GUEST COLUMN, Alieta Eck, Medical Doctor
As the controversy rages between those Republicans who want full repeal and those who want to retain what might be “good” about ObamaCare, we are not asking the right questions. While they are arguing whether or not to keep the ObamaCare subsidies (or the equivalent as “tax credits”), is anyone asking what it is we are subsidizing?
Why has medical care in the United States gotten so expensive? Why did the cost of a hospital stay go from an average of $17,000 in 2000 to $33,000 in 2010, while the average length of stay declined? Why do our hospital stays cost three times more than in other industrialized countries?
The dirty little secret is that having insurance might be a guarantee that the insured pays MORE. And because deductibles have risen dramatically along with premiums, a family needs to pay thousands of dollars out of pocket before insurance kicks in. But how does this work?
Most insurance companies have networks of “preferred providers.” One would assume that a “preferred provider” is a doctor or a lab that gives better rates, but the opposite is the case. As an example, one patient spent a day in the emergency room where the total bill came to $12,000. The “preferred provider” rate brought the bill down to $10,000, which happened to be that patient’s deductible. Upon further scrutiny, the breakdown of the bill showed a lab fee of $3,500—labs that would have cost less than 100 cash on the outside.
When the hospital patient advocate was queried, the answer came back, “Your insurance company negotiated $10,000 and, since you have not met your deductible, you are bound it pay it. Paying the cash price is not an option.” She acknowledged that this seemed unfair, but would not budge.
Another patient discovered that his insurance had lapsed and was given a cash price of $75 for an office visit. Once insurance was restored, the submitted fee was $275. Since he had not met his deductible, he was expected to personally pay the higher fee.
Since 92 percent of people will not incur more than $5,000 per year in medical expenses, the middle class has been fleeced under ObamaCare in so many ways. Many patients have received subsidies. But this just means that taxpayers are forced to pay part of their premiums, and the patients are still stuck with those deductibles and the higher negotiated fees.
So what is really happening?
Insurance premiums have soared, and the insurance companies love it. They keep a percentage of the bloated premiums for “operating costs.” Hospitals are buying physician practices, and Medicaid and Medicare have agreed to pay the hospitals higher fees for the same service in the same location. No government official has been able to explain why.

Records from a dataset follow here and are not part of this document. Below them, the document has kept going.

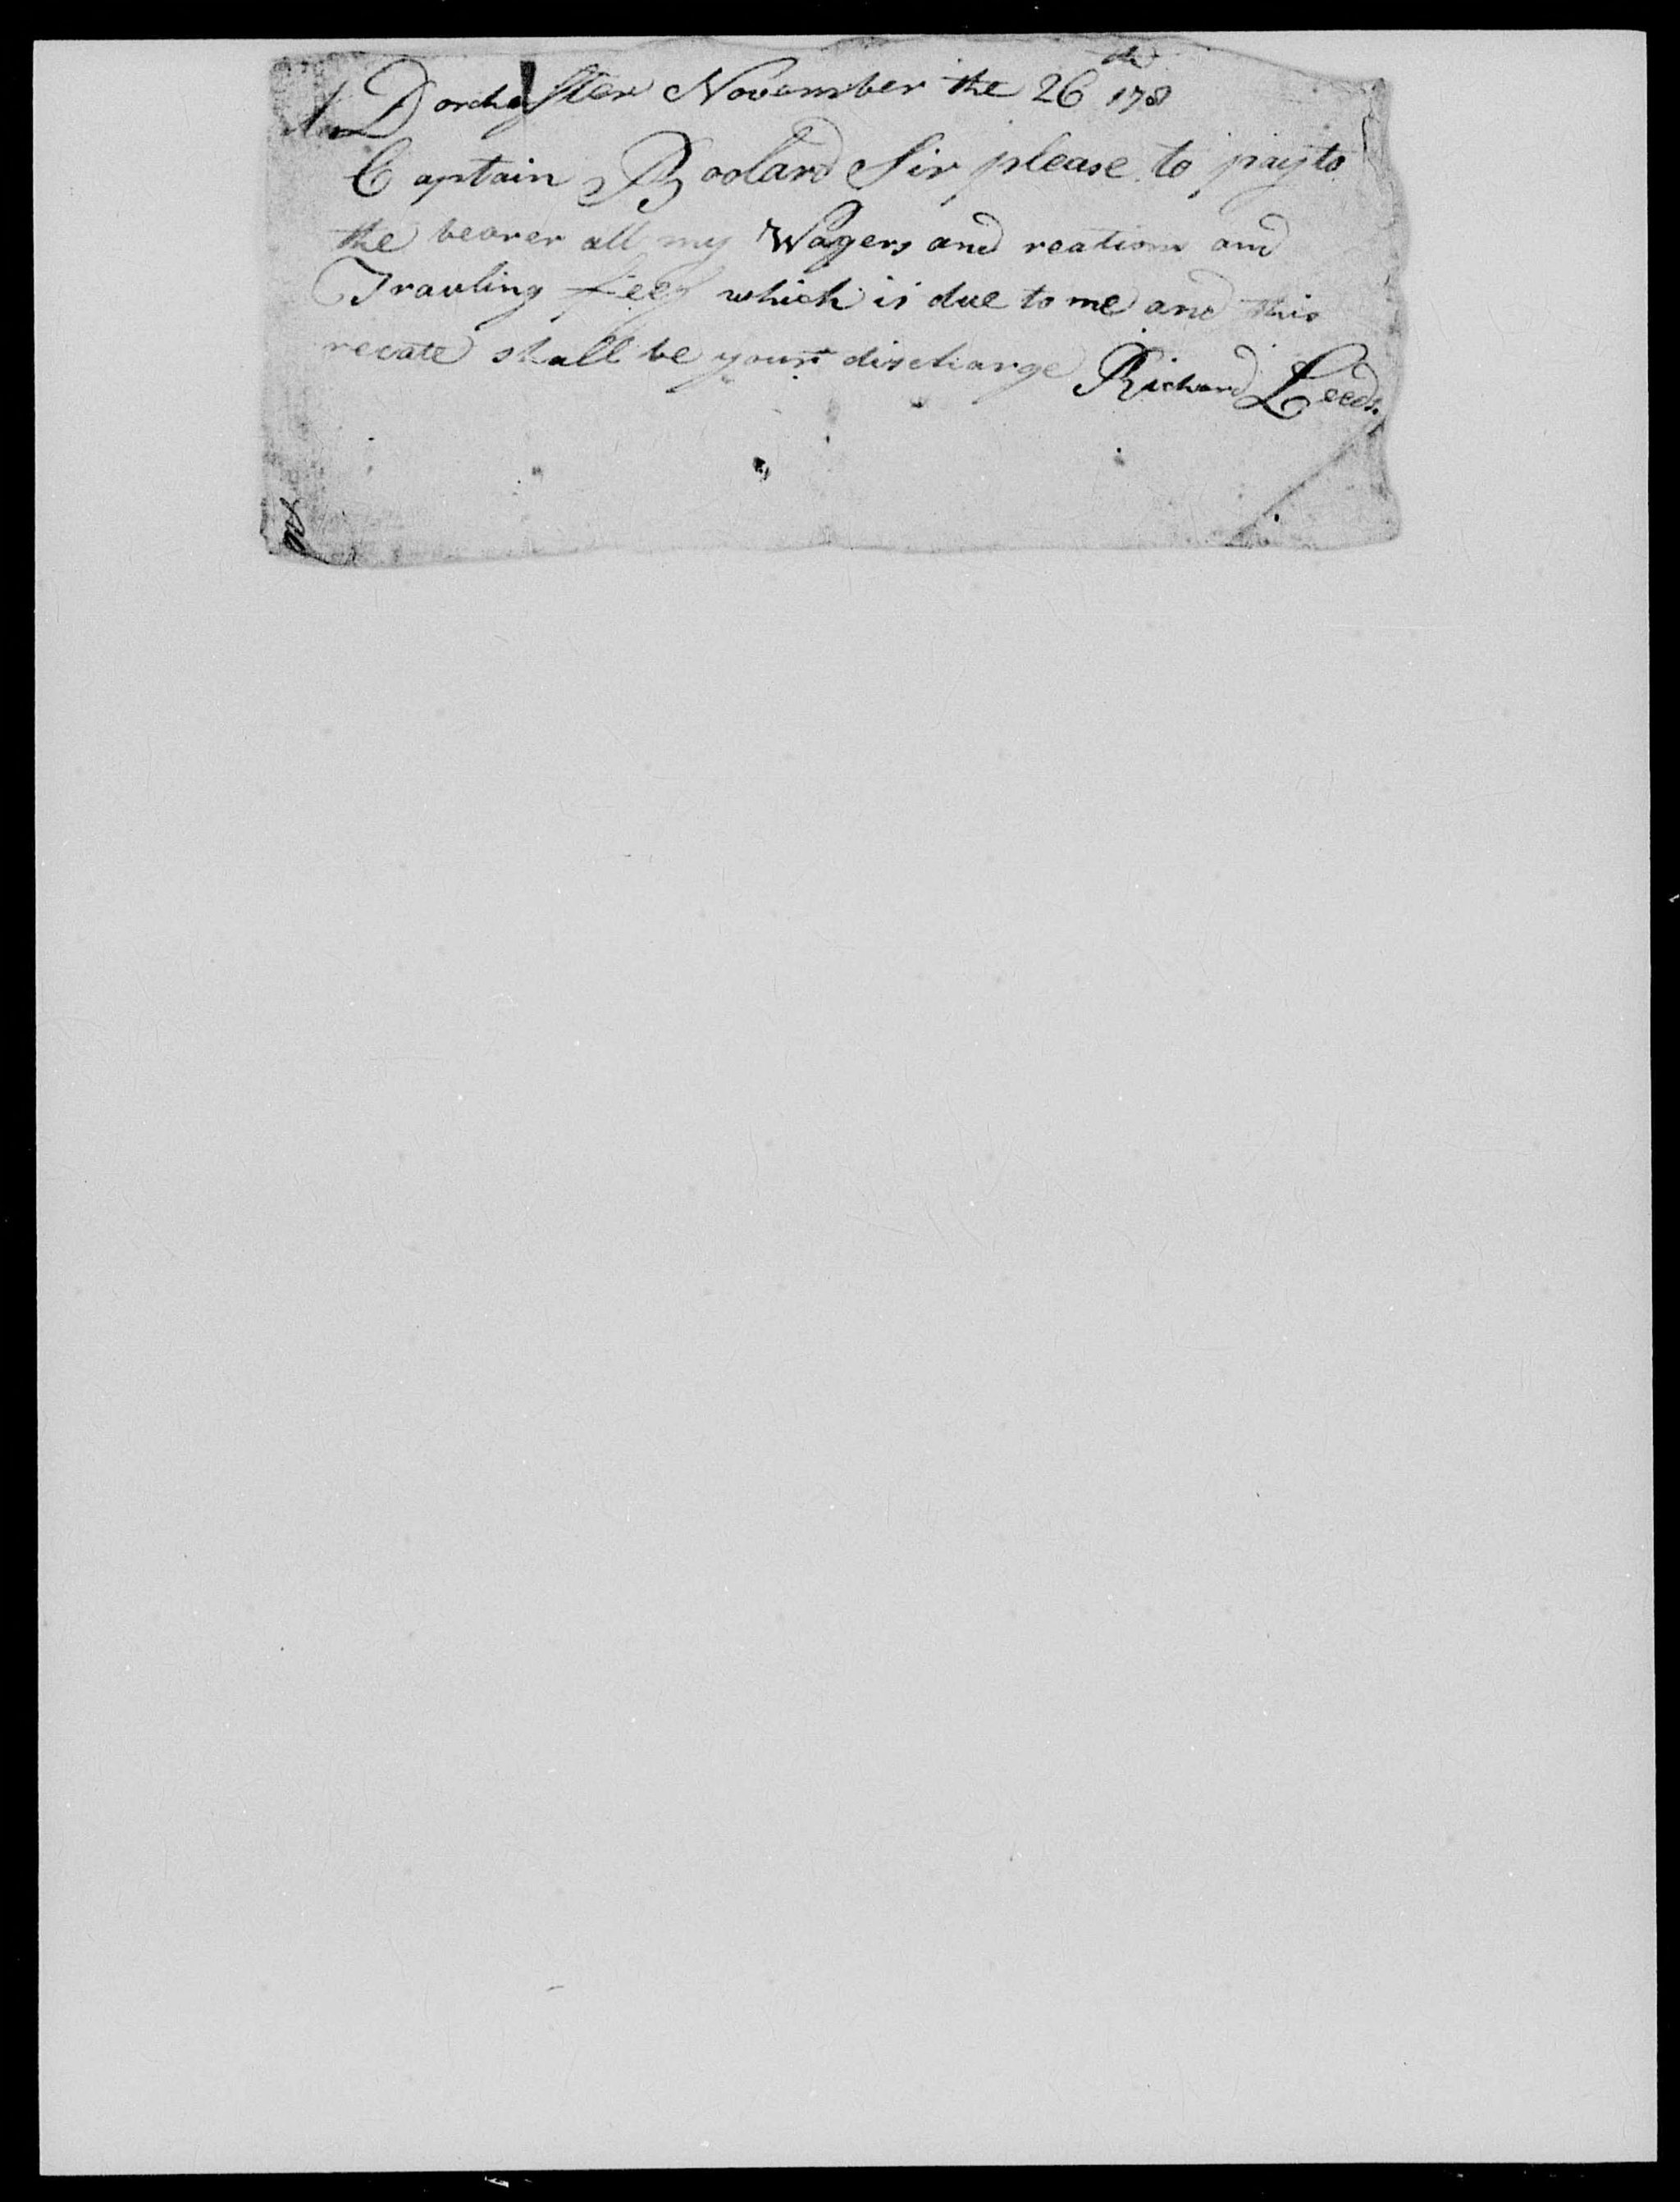Dorchester November the 26th 17[illegible]
Captain Boolard Sir please to pay to
the bearer all my Wages and rations and
Travling fee which is due to me and this
recate shall be your discharge
Richard Leeds

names: Richard Leeds; [BLANK] Boolard
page: 16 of 33
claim: widow's
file: W. 21,567, for Nathan Leeds, Massachusetts

The ratepayers and taxpayers are the “forgotten men” in our medical system. Hospital and Insurance executives are now commanding compensation that exceeds $1 million. One CEO of a consolidated hospital system in central New Jersey receives $9 million per year. What exactly does he do to merit this high salary? The usual reason for lavish executive pay is that the official brings lots of revenue into the business. The big hospital systems are businesses that profit massively at the expense of patients and taxpayers—although the excess might be called something other than profit if the hospital is tax-exempt (allegedly “nonprofit”).
Our politicians are complicit in this heist, as last year insurance companies and hospitals were among the ten greatest contributors to the campaigns of legislators who allow this scam on the middle class to continue.
The best recommendation would be for patients with high deductibles to hide any connection with an insurance company and negotiate the best cash prices for services. Find a physician who is in no network and who can help navigate where to find cash-friendly sources of medicines, labs, and x-rays.
Patients with their doctors need to take control of medical care once again.